━━ Exercise materials

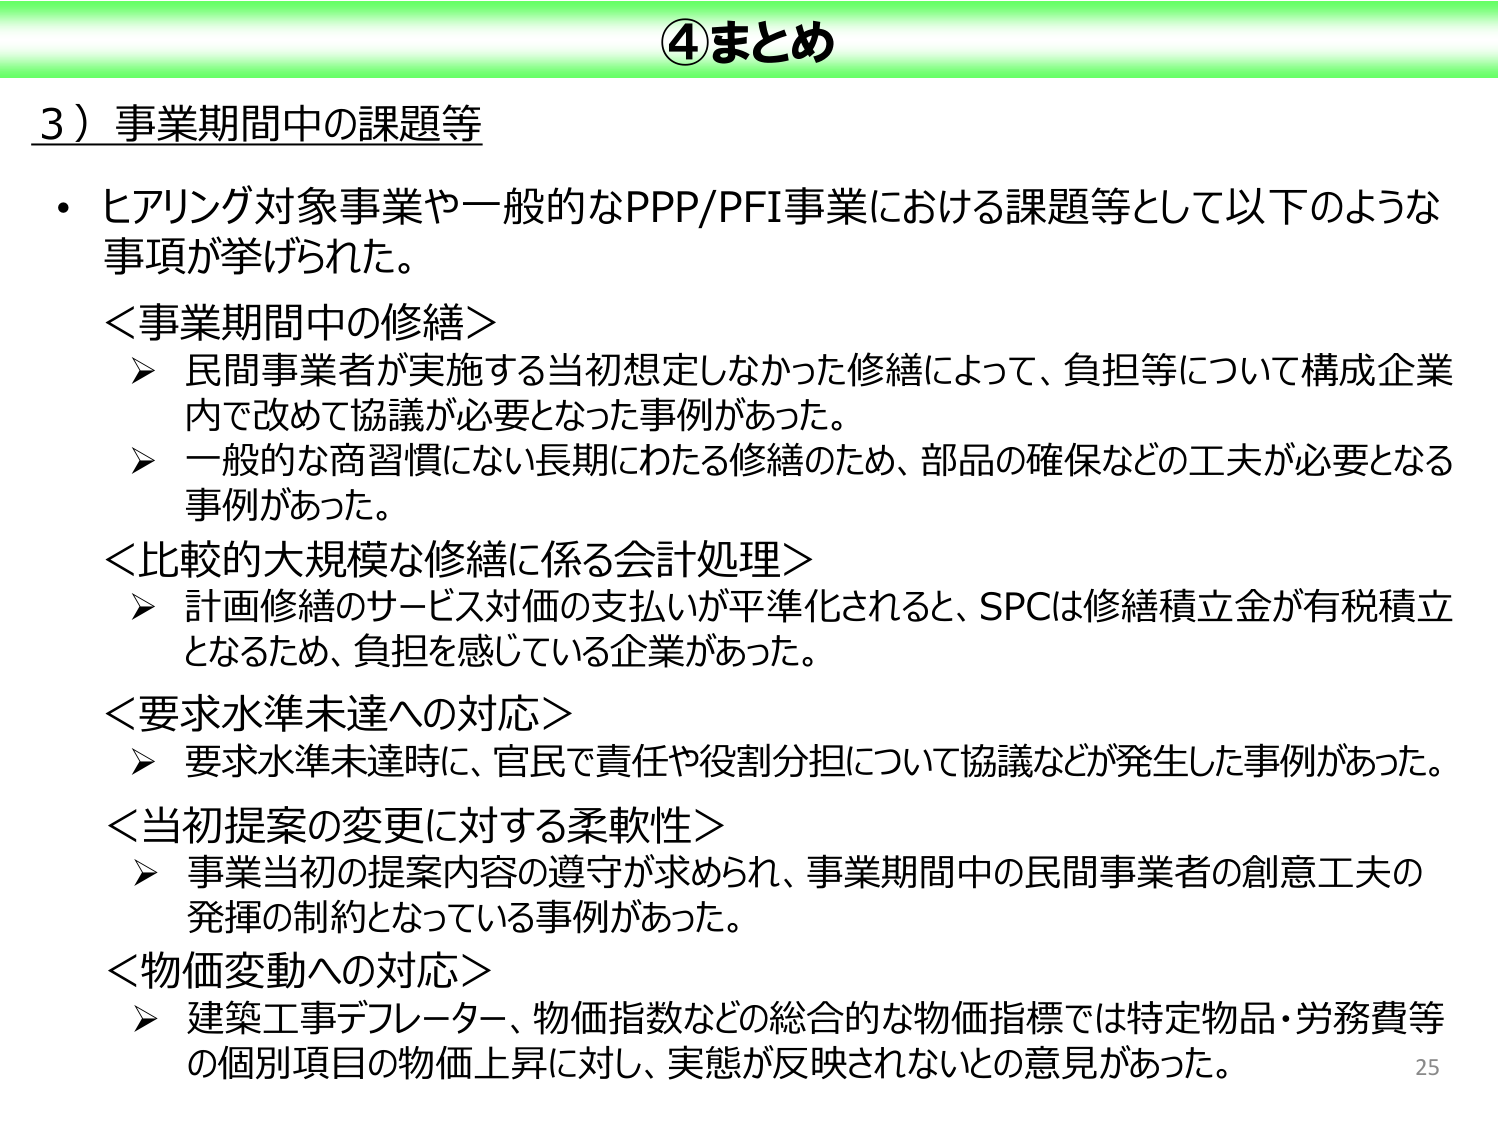
④まとめ

3）事業期間中の課題等

・ヒアリング対象事業や一般的なPPP/PFI事業における課題等として以下のような事項が挙げられた。

＜事業期間中の修繕＞
➤ 民間事業者が実施する当初想定しなかった修繕によって、負担等について構成企業内で改めて協議が必要となった事例があった。
➤ 一般的な商習慣にない長期にわたる修繕のため、部品の確保などの工夫が必要となる事例があった。

＜比較的大規模な修繕に係る会計処理＞
➤ 計画修繕のサービス対価の支払いが平準化されると、SPCは修繕積立金が有税積立となるため、負担を感じている企業があった。

＜要求水準未達への対応＞
➤ 要求水準未達時に、官民で責任や役割分担について協議などが発生した事例があった。

＜当初提案の変更に対する柔軟性＞
➤ 事業当初の提案内容の遵守が求められ、事業期間中の民間事業者の創意工夫の発揮の制約となっている事例があった。

＜物価変動への対応＞
➤ 建築工事デフレーター、物価指数などの総合的な物価指標では特定物品・労務費等の個別項目の物価上昇に対し、実態が反映されないとの意見があった。

25
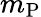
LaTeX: m_{\mathrm{P}}
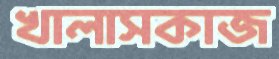
খালাসকাজ
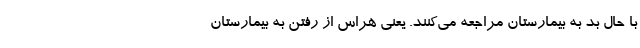
با حال بد به بیمارستان مراجعه می‌کنند. یعنی هراس از رفتن به بیمارستان
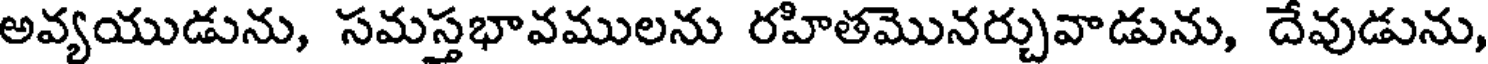
అవ్యయుడును, సమస్తభావములను రహితమొనర్చువాడును, దేవుడును,
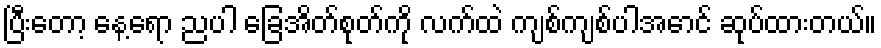
ပြီးတော့ နေ့ရော ညပါ ခြေအိတ်စုတ်ကို လက်ထဲ ကျစ်ကျစ်ပါအောင် ဆုပ်ထားတယ်။
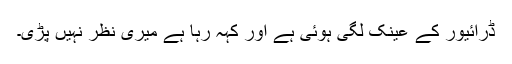
ڈرائیور کے عینک لگی ہوئی ہے اور کہہ رہا ہے میری نظر نہیں پڑی۔
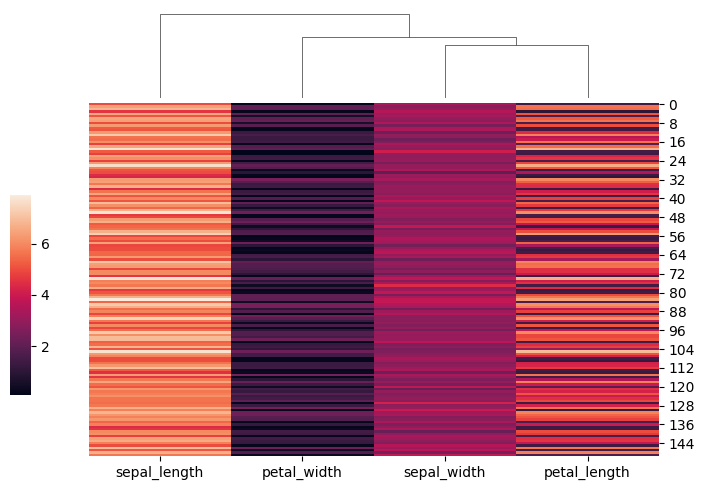
python, seaborn, clustermap, figsize=(7, 5), row_cluster=False, dendrogram_ratio=(0.1, 0.2), cbar_pos=(0, 0.2, 0.03, 0.4)
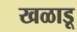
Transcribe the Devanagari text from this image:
खळाडू
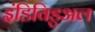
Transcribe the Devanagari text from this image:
इंडिविडुअल
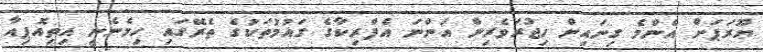
ޔޫރަޕަށް އެންމެ ގިނައިން ހިޖުރަވެރިން އަންނަ އެފްރިކާގެ ގައުމުތަކުގެ ތެރޭގައި ހިމެނެނީ އިތިއޮޕިއާ
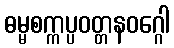
ဓမ္မစက္ကပ္ပဝတ္တနဝဂ္ဂေါ
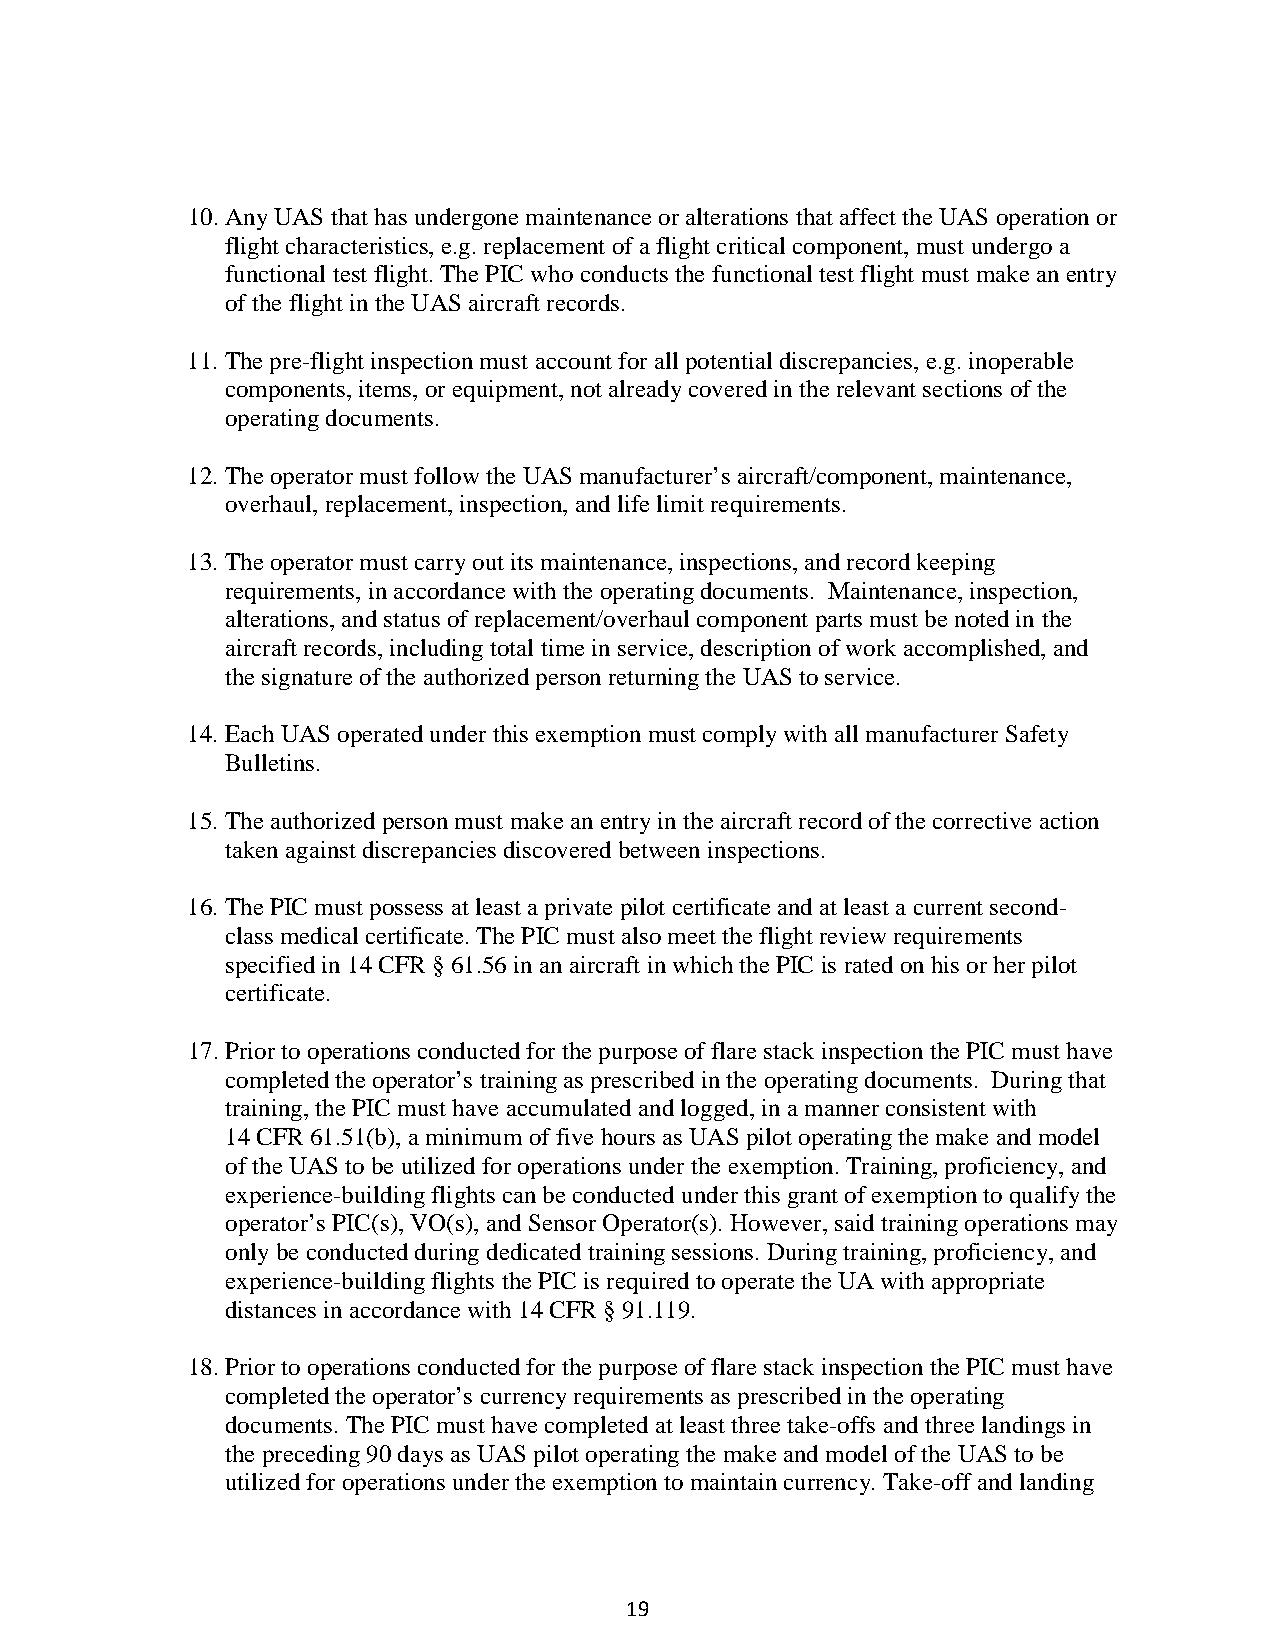
10. Any UAS that has undergone maintenance or alterations that affect the UAS operation or
 flight characteristics, e.g. replacement of a flight critical component, must undergo a
 functional test flight. The PIC who conducts the functional test flight must make an entry
 of the flight in the UAS aircraft records.
 11. The pre-flight inspection must account for all potential discrepancies, e.g. inoperable
 components, items, or equipment, not already covered in the relevant sections of the
 operating documents.
 12. The operator must follow the UAS manufacturer’s aircraft/component, maintenance,
 overhaul, replacement, inspection, and life limit requirements.
 13. The operator must carry out its maintenance, inspections, and record keeping
 requirements, in accordance with the operating documents. Maintenance, inspection,
 alterations, and status of replacement/overhaul component parts must be noted in the
 aircraft records, including total time in service, description of work accomplished, and
 the signature of the authorized person returning the UAS to service.
 14. Each UAS operated under this exemption must comply with all manufacturer Safety
 Bulletins.
 15. The authorized person must make an entry in the aircraft record of the corrective action
 taken against discrepancies discovered between inspections.
 16. The PIC must possess at least a private pilot certificate and at least a current second-
 class medical certificate. The PIC must also meet the flight review requirements
 specified in 14 CFR § 61.56 in an aircraft in which the PIC is rated on his or her pilot
 certificate.
 17. Prior to operations conducted for the purpose of flare stack inspection the PIC must have
 completed the operator’s training as prescribed in the operating documents. During that
 training, the PIC must have accumulated and logged, in a manner consistent with
 14 CFR 61.51(b), a minimum of five hours as UAS pilot operating the make and model
 of the UAS to be utilized for operations under the exemption. Training, proficiency, and
 experience-building flights can be conducted under this grant of exemption to qualify the
 operator’s PIC(s), VO(s), and Sensor Operator(s). However, said training operations may
 only be conducted during dedicated training sessions. During training, proficiency, and
 experience-building flights the PIC is required to operate the UA with appropriate
 distances in accordance with 14 CFR § 91.119.
 18. Prior to operations conducted for the purpose of flare stack inspection the PIC must have
 completed the operator’s currency requirements as prescribed in the operating
 documents. The PIC must have completed at least three take-offs and three landings in
 the preceding 90 days as UAS pilot operating the make and model of the UAS to be
 utilized for operations under the exemption to maintain currency. Take-off and landing
 19
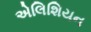
એલિશિયન
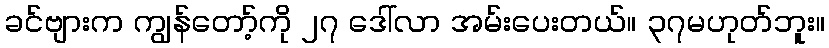
ခင်ဗျားက ကျွန်တော့်ကို ၂၇ ဒေါ်လာ အမ်းပေးတယ်။ ၃၇မဟုတ်ဘူး။
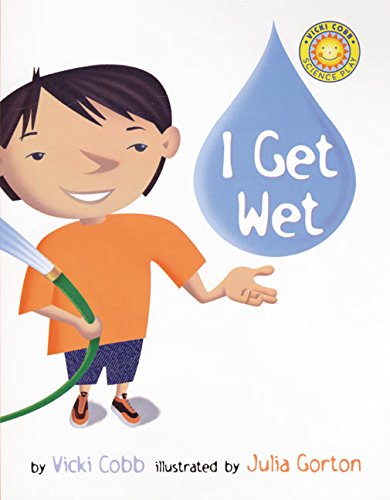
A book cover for I Get Wet (Vicki Cobb Science Play); Vicki Cobb; Science & Math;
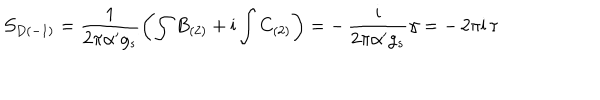
{ \cal S } _ { D ( - 1 ) } = \frac { 1 } { 2 \pi \alpha ^ { \prime } g _ { s } } \left( \int B _ { ( 2 ) } + \mathrm { i } \int C _ { ( 2 ) } \right) = - \, \frac { \mathrm { i } } { 2 \pi \alpha ^ { \prime } g _ { s } } \gamma = - \, 2 \pi \mathrm { i } \, \tau
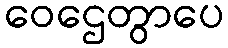
ဝေဌေတွာပေ
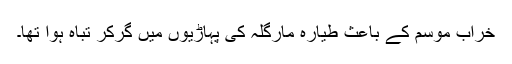
خراب موسم کے باعث طیارہ مارگلہ کی پہاڑیوں میں گرکر تباہ ہوا تھا۔
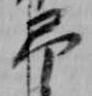
弔
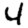
Digit: 4
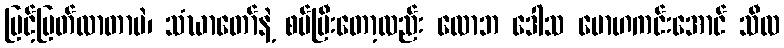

━━━━

Problem details: In the entries above, find the line with "class medical certificate." and the line with "only be conducted", then set down exactly those two and every line between them, nothing else.

Exercise solution:
 class medical certificate. The PIC must also meet the flight review requirements
 specified in 14 CFR § 61.56 in an aircraft in which the PIC is rated on his or her pilot
 certificate.
 17. Prior to operations conducted for the purpose of flare stack inspection the PIC must have
 completed the operator’s training as prescribed in the operating documents. During that
 training, the PIC must have accumulated and logged, in a manner consistent with
 14 CFR 61.51(b), a minimum of five hours as UAS pilot operating the make and model
 of the UAS to be utilized for operations under the exemption. Training, proficiency, and
 experience-building flights can be conducted under this grant of exemption to qualify the
 operator’s PIC(s), VO(s), and Sensor Operator(s). However, said training operations may
 only be conducted during dedicated training sessions. During training, proficiency, and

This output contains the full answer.